◆ **Instructions for the task**
Retype the listing below exactly, beginning at the line that contains "main class: Cropland" and ending with its last line.

◆ **Given records**
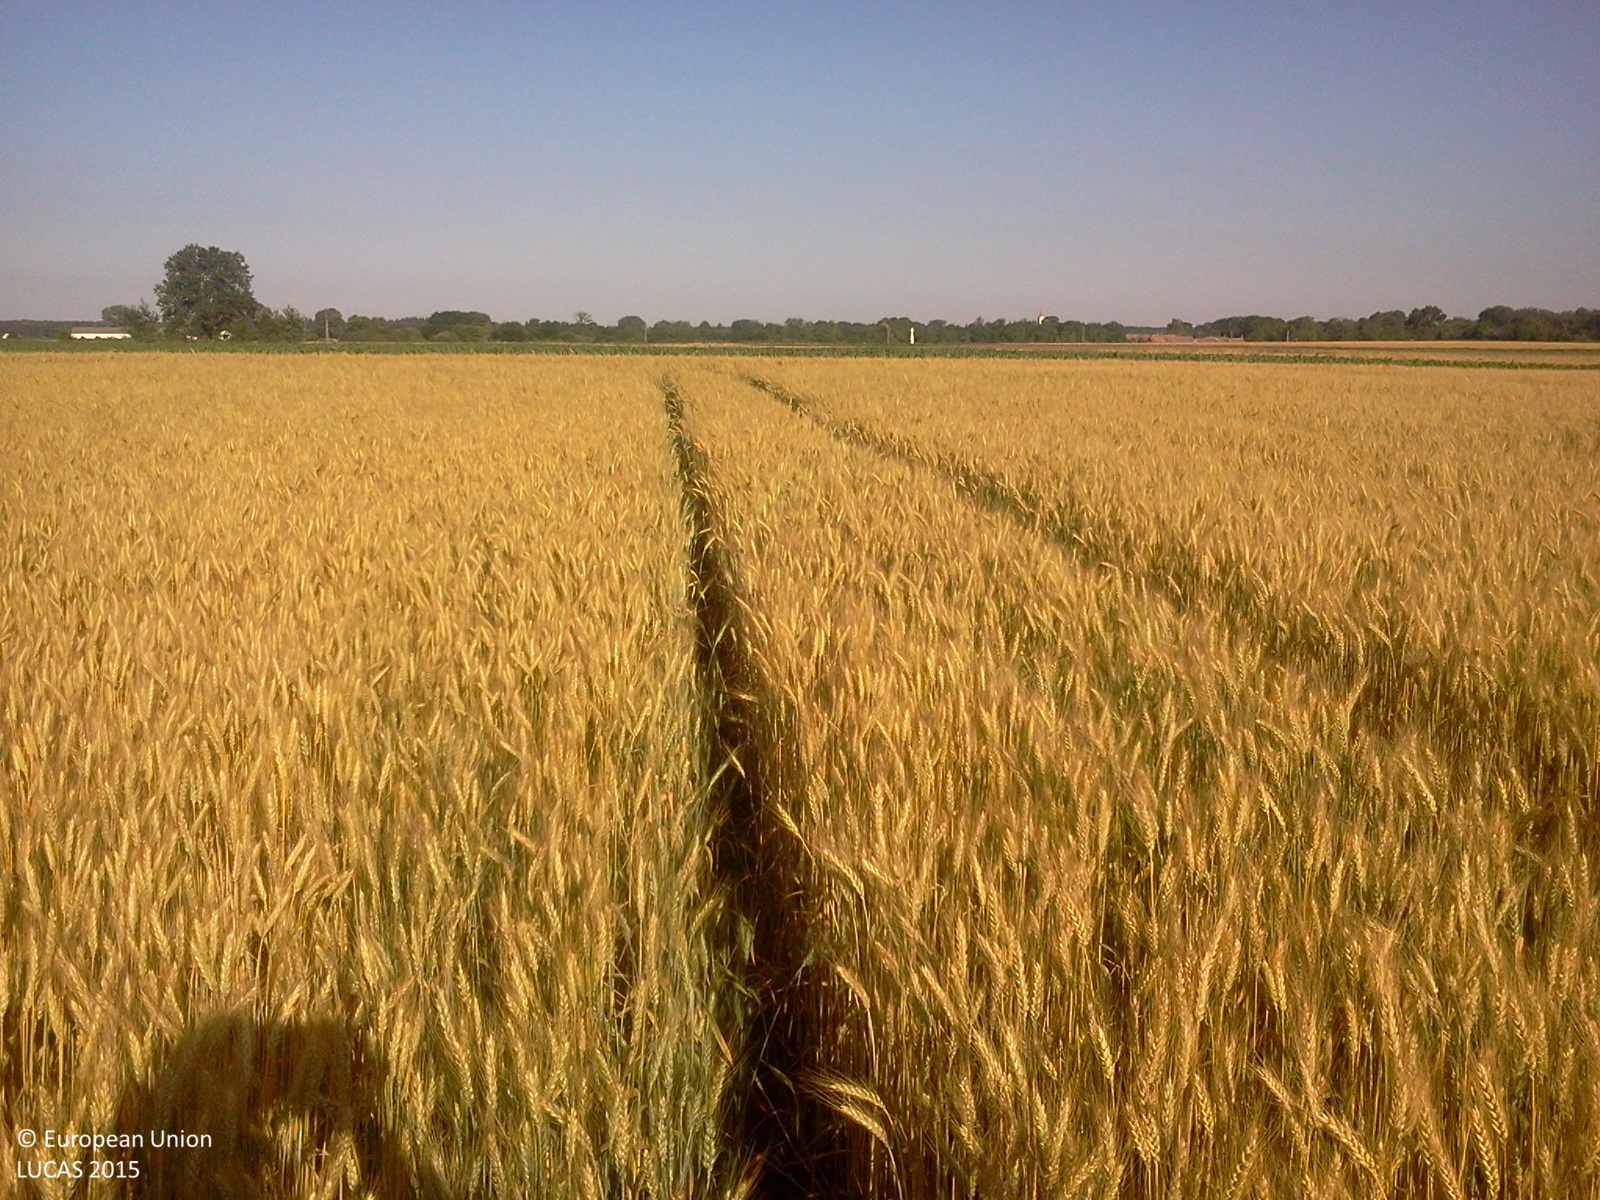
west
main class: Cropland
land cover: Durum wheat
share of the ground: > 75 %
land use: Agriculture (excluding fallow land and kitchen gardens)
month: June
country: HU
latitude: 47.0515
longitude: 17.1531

◆ **Solution**
main class: Cropland
land cover: Durum wheat
share of the ground: > 75 %
land use: Agriculture (excluding fallow land and kitchen gardens)
month: June
country: HU
latitude: 47.0515
longitude: 17.1531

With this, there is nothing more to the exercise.